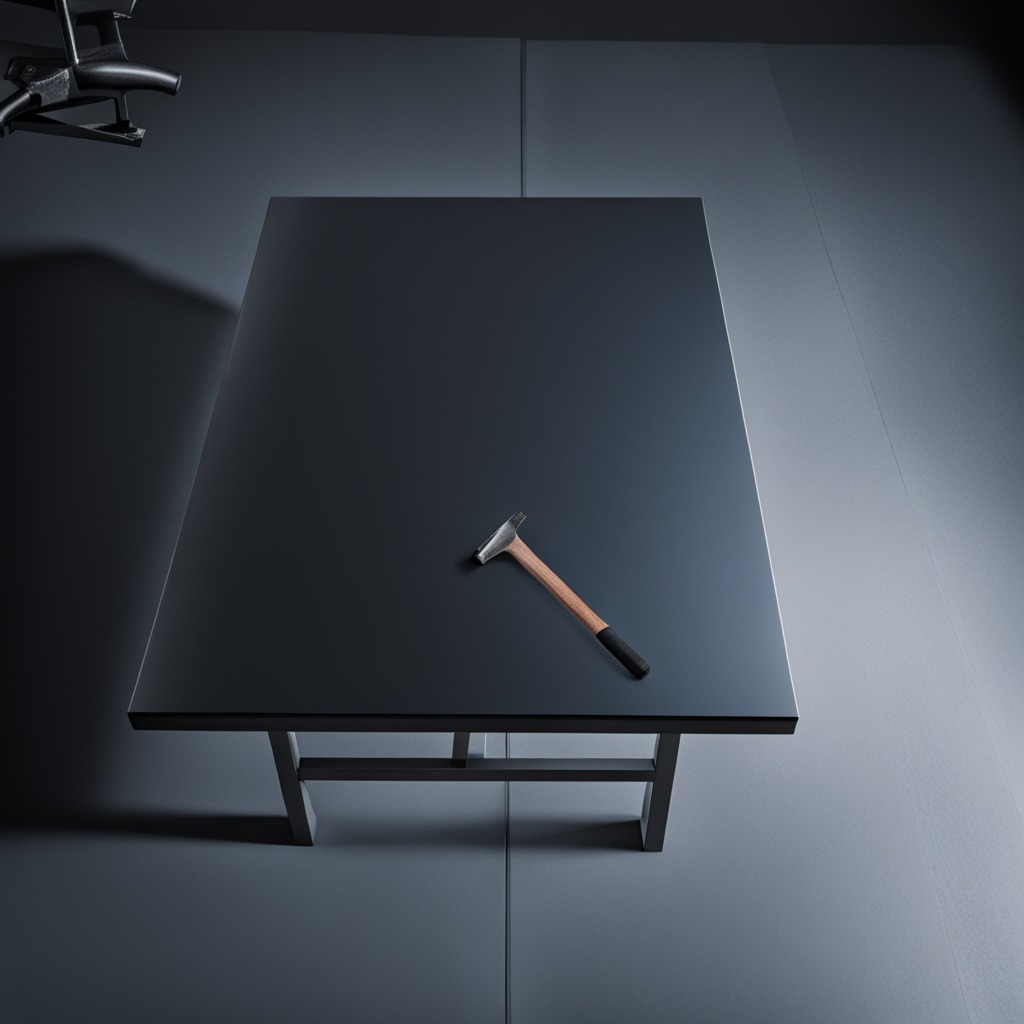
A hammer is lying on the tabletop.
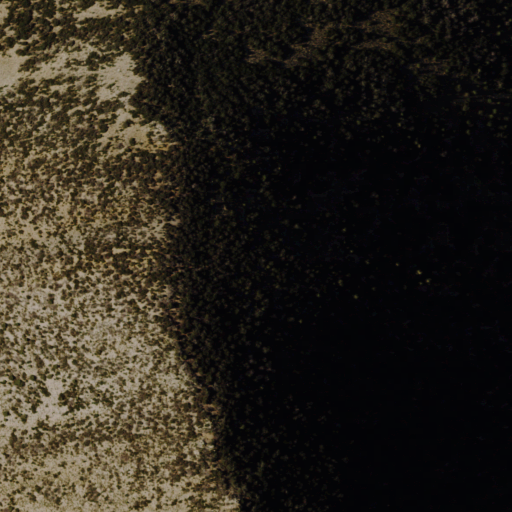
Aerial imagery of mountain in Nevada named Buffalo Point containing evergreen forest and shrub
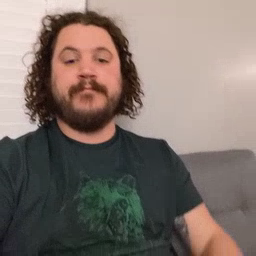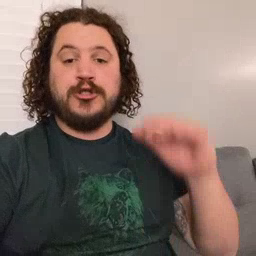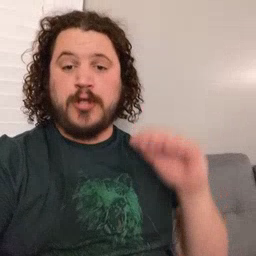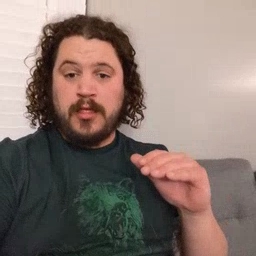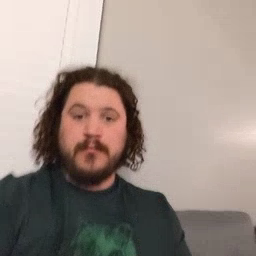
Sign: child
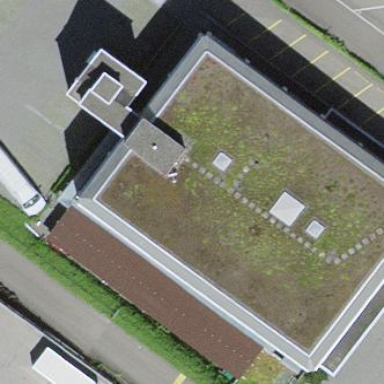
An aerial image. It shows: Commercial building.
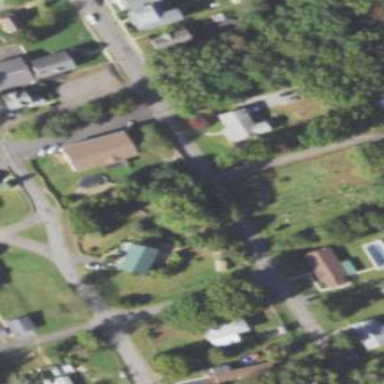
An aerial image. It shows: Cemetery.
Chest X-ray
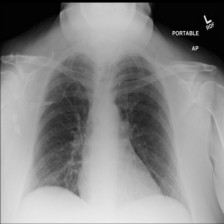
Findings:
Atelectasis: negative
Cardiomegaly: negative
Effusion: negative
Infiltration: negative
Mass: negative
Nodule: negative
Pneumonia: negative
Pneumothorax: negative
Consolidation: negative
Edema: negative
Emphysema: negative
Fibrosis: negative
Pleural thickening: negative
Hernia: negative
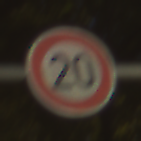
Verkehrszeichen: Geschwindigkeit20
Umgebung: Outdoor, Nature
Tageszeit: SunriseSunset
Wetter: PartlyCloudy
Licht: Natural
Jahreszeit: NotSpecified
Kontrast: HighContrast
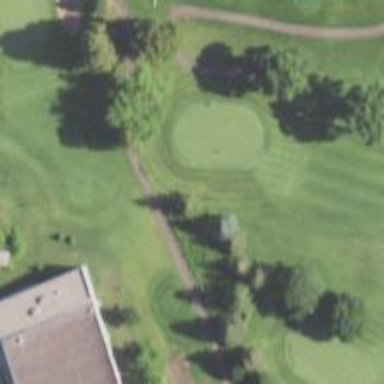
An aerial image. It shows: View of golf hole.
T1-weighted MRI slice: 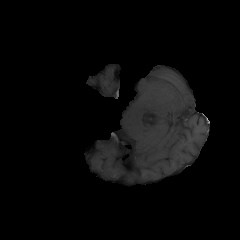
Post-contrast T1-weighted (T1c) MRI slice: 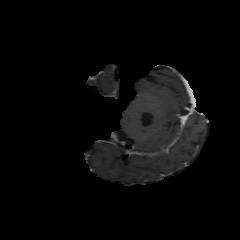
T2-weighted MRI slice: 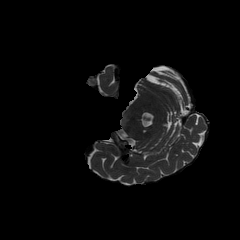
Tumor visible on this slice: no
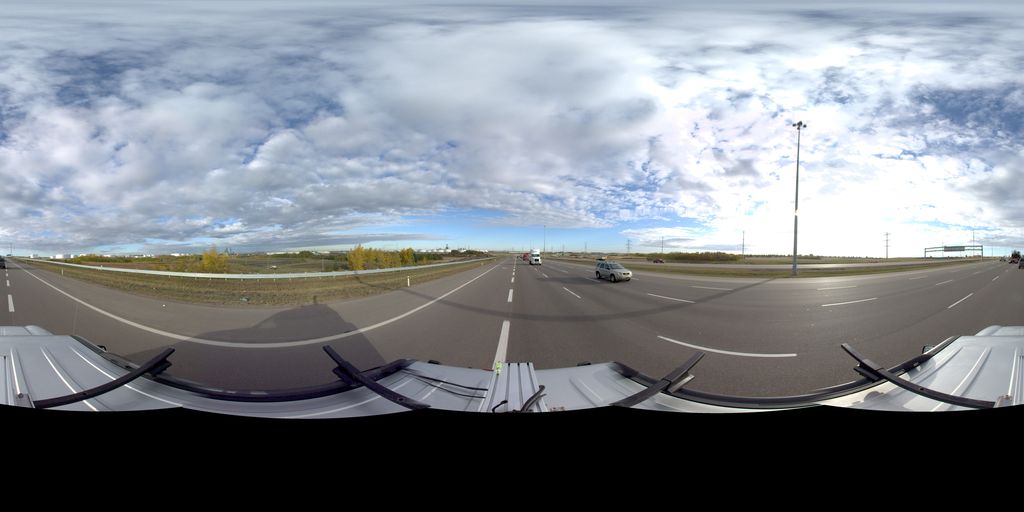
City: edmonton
- - - - -
- What you have to do -
Repeat verbatim the lines from the one holding "Post-contrast T1-weighted (T1c)" through the end of the listing above, both ends included, but not the pictures.

- Output -
Post-contrast T1-weighted (T1c) MRI slice: 
T2-weighted MRI slice: 
Tumor visible on this slice: no
City: edmonton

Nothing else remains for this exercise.